Several environmental topics that are contentious include:
The Chipko Movement (Uttarakhand)
Narmada Bachao Andolan (MP and Gujarat)
Industrial Accident in Bhopal (Madhya Pradesh)
Why Environmental Problems are also Social Problems?
Because the environment is the primary justification for surviving, there is a significant need to conserve it. We won't be able to live healthy lives and there won't be enough natural resources for the next generation if the air becomes contaminated.
The degree to which people can protect themselves from or overcome environmental catastrophes depends on their social rank and authority.
A sociological analysis demonstrates that how public priorities are established and pursued may not always be advantageous. Securing the public interest may, in reality, harm the interests of the underprivileged and politically unsound or support the interests of powerful economic and political entities.
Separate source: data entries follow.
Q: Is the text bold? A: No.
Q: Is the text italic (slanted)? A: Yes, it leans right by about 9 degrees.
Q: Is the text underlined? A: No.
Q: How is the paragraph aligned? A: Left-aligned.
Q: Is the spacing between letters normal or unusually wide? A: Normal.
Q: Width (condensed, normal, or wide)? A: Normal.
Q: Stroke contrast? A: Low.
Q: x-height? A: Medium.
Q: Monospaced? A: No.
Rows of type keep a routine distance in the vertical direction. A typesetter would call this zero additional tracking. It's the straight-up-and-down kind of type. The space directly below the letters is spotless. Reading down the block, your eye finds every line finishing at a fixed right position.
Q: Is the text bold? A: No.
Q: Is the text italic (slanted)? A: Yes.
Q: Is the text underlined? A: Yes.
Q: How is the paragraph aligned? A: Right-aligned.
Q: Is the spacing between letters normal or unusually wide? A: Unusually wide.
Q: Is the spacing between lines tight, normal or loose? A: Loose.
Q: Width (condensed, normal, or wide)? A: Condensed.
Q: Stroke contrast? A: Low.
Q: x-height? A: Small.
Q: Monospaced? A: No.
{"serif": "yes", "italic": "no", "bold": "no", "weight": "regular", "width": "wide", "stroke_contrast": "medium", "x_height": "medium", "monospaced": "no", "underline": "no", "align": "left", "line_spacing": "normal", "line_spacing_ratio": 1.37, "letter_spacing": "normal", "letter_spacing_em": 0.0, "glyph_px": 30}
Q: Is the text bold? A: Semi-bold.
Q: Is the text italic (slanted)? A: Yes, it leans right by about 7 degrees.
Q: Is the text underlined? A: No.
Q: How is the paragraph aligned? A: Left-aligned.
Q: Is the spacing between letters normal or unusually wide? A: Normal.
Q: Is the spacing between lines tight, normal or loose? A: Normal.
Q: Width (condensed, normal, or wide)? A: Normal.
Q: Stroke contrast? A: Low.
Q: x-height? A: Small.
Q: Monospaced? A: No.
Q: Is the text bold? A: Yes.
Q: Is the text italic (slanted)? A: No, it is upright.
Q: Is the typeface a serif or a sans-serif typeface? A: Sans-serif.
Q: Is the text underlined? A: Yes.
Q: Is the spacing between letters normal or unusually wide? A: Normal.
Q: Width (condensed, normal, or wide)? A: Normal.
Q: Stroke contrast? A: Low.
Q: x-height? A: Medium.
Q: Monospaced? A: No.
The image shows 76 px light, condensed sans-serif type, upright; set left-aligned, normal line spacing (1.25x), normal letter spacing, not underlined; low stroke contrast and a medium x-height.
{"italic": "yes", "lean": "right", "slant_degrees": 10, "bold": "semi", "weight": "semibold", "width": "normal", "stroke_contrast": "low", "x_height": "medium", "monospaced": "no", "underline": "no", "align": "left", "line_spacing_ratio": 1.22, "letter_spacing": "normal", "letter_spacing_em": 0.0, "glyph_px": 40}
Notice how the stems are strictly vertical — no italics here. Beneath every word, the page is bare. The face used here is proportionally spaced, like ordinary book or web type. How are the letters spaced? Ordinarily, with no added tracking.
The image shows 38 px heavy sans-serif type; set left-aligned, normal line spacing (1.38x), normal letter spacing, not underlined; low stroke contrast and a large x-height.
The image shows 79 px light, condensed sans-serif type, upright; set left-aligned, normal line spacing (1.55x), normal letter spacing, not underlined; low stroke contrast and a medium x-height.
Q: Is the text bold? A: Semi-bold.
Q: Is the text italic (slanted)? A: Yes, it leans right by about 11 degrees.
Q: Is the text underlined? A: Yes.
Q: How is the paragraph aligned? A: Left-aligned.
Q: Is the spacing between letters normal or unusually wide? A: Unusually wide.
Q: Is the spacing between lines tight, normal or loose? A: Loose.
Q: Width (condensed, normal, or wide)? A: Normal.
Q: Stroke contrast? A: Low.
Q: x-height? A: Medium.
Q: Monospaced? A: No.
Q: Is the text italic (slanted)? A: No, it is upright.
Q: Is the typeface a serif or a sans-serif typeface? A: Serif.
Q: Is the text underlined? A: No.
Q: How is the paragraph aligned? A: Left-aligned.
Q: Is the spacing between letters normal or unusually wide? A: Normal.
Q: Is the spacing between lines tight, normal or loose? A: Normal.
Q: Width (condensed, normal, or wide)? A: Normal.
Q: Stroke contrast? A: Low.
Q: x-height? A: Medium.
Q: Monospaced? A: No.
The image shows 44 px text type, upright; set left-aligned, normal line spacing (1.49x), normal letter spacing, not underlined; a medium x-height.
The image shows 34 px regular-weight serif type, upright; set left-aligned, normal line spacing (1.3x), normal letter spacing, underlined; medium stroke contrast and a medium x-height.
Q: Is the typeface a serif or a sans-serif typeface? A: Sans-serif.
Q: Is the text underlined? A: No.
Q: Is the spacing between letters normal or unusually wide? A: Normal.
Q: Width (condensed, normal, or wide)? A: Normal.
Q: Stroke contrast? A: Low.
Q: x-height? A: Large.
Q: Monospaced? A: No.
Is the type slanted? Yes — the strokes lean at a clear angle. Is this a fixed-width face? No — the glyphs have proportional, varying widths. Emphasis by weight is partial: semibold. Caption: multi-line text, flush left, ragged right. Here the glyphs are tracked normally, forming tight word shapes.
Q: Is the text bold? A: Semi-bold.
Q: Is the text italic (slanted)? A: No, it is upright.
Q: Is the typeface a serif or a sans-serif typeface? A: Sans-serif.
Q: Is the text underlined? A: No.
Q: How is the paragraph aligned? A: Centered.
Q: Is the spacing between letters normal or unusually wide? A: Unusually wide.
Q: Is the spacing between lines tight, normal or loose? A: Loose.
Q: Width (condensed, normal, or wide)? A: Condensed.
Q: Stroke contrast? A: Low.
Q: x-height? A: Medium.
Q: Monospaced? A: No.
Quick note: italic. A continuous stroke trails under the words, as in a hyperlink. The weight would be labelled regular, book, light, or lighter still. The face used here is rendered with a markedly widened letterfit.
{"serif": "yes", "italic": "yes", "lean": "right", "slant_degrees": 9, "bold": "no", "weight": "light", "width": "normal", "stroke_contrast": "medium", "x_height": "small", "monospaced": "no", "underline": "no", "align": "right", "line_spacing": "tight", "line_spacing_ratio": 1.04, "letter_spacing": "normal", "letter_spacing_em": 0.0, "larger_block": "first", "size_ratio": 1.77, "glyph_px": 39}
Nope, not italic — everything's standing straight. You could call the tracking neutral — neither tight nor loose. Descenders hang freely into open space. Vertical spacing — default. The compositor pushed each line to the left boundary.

The school of social ecology emphasises how social ties, in particular how property and production are organised, influence how people perceive and behave in regard to the environment.
The phrase "administrator-anthropologist" refers to British administrative staff who worked for the British Indian administration in the late 19th and early 20th centuries and who were very interested in anthropological study, particularly surveys and censuses. Following their retirement, some of them rose to prominence as anthropologists. Edgar Thurston, William Crooks, Herbert Risley, and JH Hutton are a few well-known names.
Deforestation is the loss of forest land as a result of tree cutting and/or the use of the land for other purposes, mainly agriculture.
Emissions are the waste gases produced by human-initiated processes, frequently in the context of businesses or transportation.
Ecology: The network of biological and physical processes and systems, of which humans are a part.
Effluents: Waste products from industrial processes that are liquid in nature.
Hydrology: The source of water and its flows; or the overall structure of water resources in a nation or region. Human science: The branch of anthropology that studied the human type by measuring the human body, particularly the cranium (the volume of the skull, the circumference of the head, and the length of the nose).
Urban community: A group of people who reside in an urban setting.
Assimilation: The process through which one culture (often larger or more dominant) progressively assimilates another. At the end of the process, the integrated culture has merged with the dominant culture and is no longer alive or discernible.
Metropolis: A city is referred to as a Metropolis when it has strong social and economic ties to its suburbs, nearby towns, and rural areas.
Primitive city: The term "primitive city" refers to huge urban areas in industrial cities with a high population density.
Magnet cities: Urban areas that draw a lot of rural residents in search of greater economic prospects.
Licences - Fair: A French expression (literally, let's or "leave alone") that refers to a political and economic doctrine that supports less government involvement in the economy and economic relations, typically based on a confidence in the effectiveness of the free market and regulatory authorities. So, go beyond your forebears.
A suburb is a neighbourhood that is just outside of a city and has a lower population density.
Environment: Refers to both geographical and biological factors.
Aquifers: Underground geological structures at a place where water is naturally stored.
When there is only one type of plant in an area, it is referred to as monoculture.
Urban ecology is a subfield of urban sociology that examines how people interact with their urban environments.